What do other people see when they look at Christians? Do they see people who are tired, withered, just hanging on to spiritual life? Or do they see people with a living, growing, vibrant faith? If we resemble grass rather than trees, is it any wonder that people do not find themselves drawn to our faith?

There is a great void in our world today, people feel a lack of hope, a lack of purpose, and they try to fill that void with things and activities that do not give them hope or purpose. We believe we have the answer, but it doesn’t seem that anyone is interested. Perhaps what we need is not better techniques of evangelism, but a revitalized faith in our own lives.

“The grass withereth, the flower fadeth: but the word of our God shall stand for ever” (Isaiah 40:8). Some folks think they are getting deep into the Word when they are really following a man-made interpretation of a small part of the Word and ignoring the rest. Such teachings are grass, they will fade and they provide no meaningful nourishment.

“All Scripture is given by inspiration of God, and is profitable for doctrine, for reproof, for correction, for instruction in righteousness” (1 Timothy 3:16). So let’s read it all, even the passages that are difficult, that trouble our hearts. Reproof and correction are necessary for spiritual growth and vitality.

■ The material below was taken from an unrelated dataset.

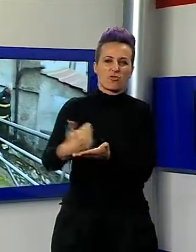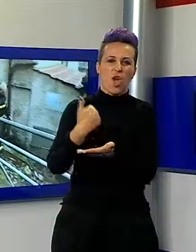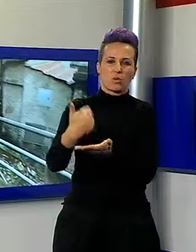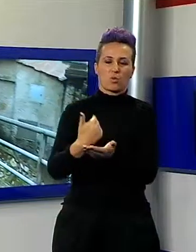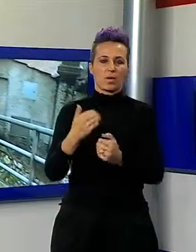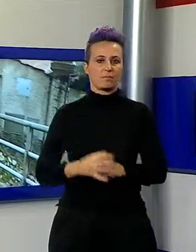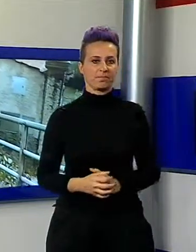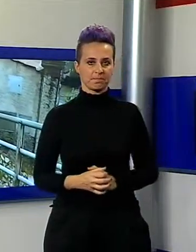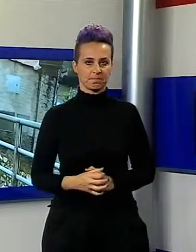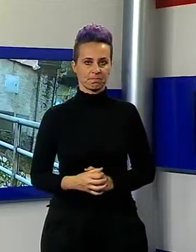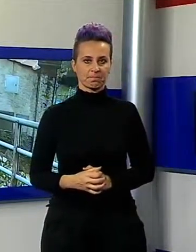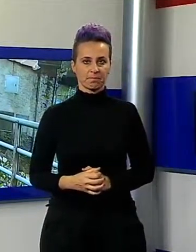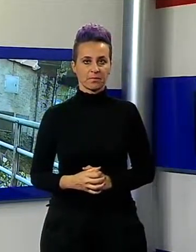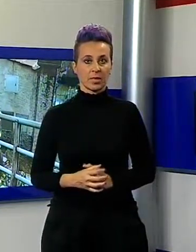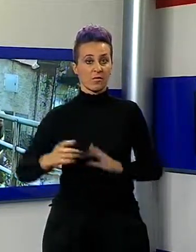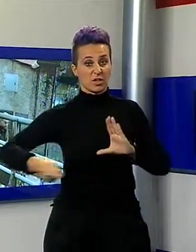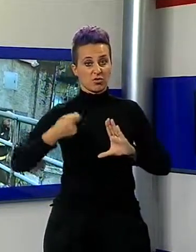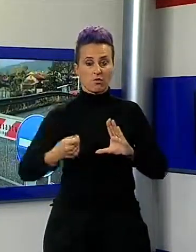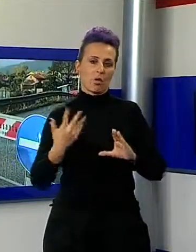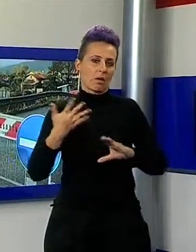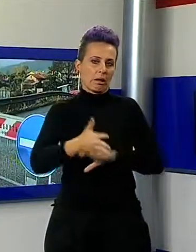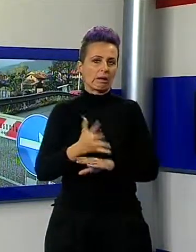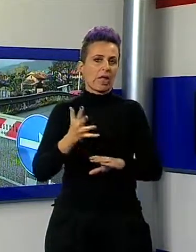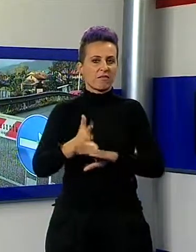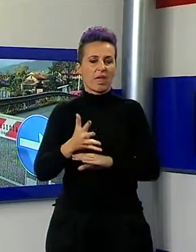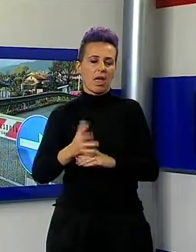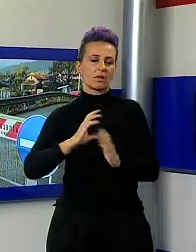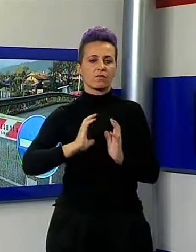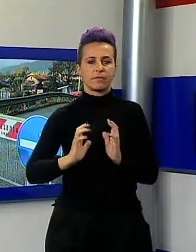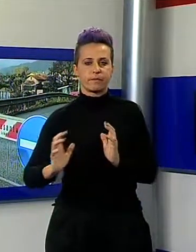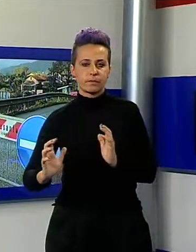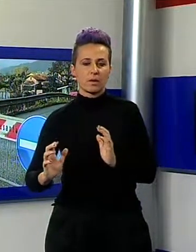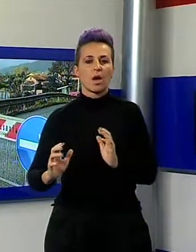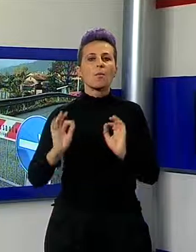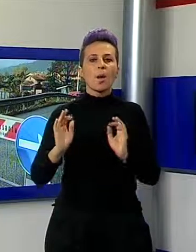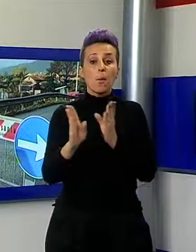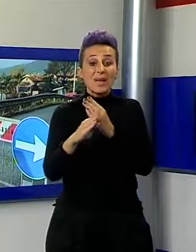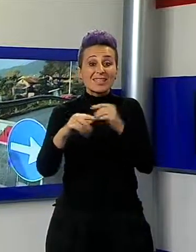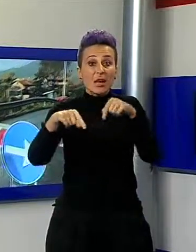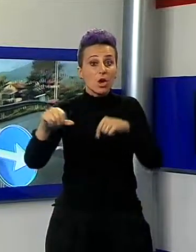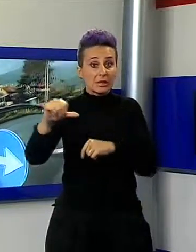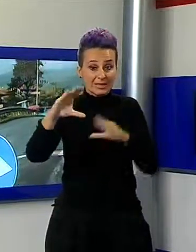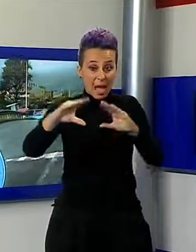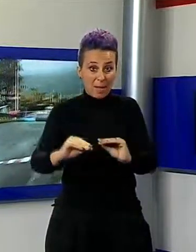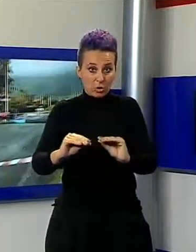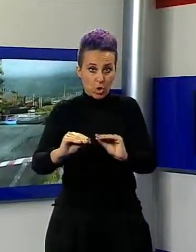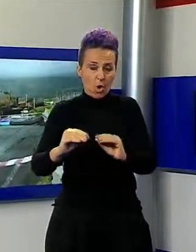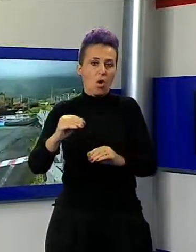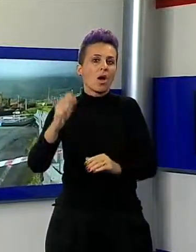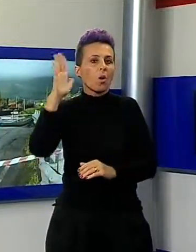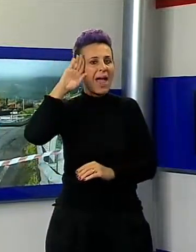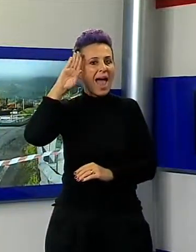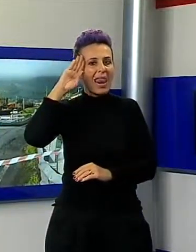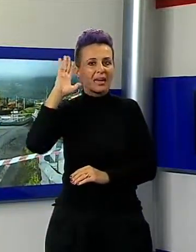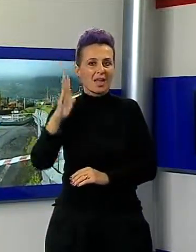dei vigili del fuoco e della protezione civile in tutta la Versilia. Alla mezzanotte di sabato cessa l'allerta meteo arancione, che si lascia alle spalle

To be revitalized we need to drink deeply of the water of life, the Word of God. Superficial reading won’t do it. Reading only brief, familiar passages in a haphazard way, never getting to know the context and the background of those passages, is like depending upon brief drizzles of rain. They won’t sustain us in the heat of the day.

May we appear as an oasis in the desert of this world, not just part of the arid landscape, but a sign of hope.

The farmer and the salesman

Once upon a time there were two Bible study groups, one led by a farmer and the other by a salesman. Both groups studied the same portions of Scripture, but the discussions were not at all the same.

The farmer spent his days alone, driving a tractor up and down the fields or repairing the fence around his pasture. When he came to Bible study he was ready to talk. Any time there was a gap in the discussion he filled the time with philosophical musings about life that had come to him while he was alone or with something interesting that he had read. Nobody could think of much to say about the Bile passage, except to repeat a few platitudes they had all heard before.

The folks in the farmer’s class went home feeling they had reaffirmed what they already believed about the Scripture and didn’t think much more about it during the following week. Their spiritual lives continued to unfold along a predictable path without many challenges.

The salesman did not have a product to sell and didn’t see any need to sell himself. As a salesman he understood that the way to begin was to find out what people needed. So he would ask a question or two and let others think about it. He was comfortable with quiet moments in the discussion and never tried to fill them with chatter that would distract from searching for the meaning and application of the Scripture. Others in the class felt comfortable sharing their own thoughts and questions.

The folks in the salesman’s class went home with new thoughts about what the Scripture meant for their lives and questions about how they could be more obedient to the leading of the Holy Spirit. These people explored the Scriptures, saw new implications for their lives and talked about these things with their friends. They were growing spiritually.

This is a parable and the occupations of the Bible study leaders are inconsequential. I could just as easily have told how the farmer watched in wonder as his crops and his calves grew, knew that it was not his doing, tried to sow the seed in his Bible study and let God make it grow. The salesman could have been convinced of a particular teaching, supposedly drawn from the Scriptures, and endeavoured to sell this teaching to his class. I have chosen to write as I have because the parable is loosely based on a real example from many years ago.

My true purpose in writing this parable is that I have looked in the mirror and realize that I am way too much like the farmer, and I want to grow to be more like the salesman.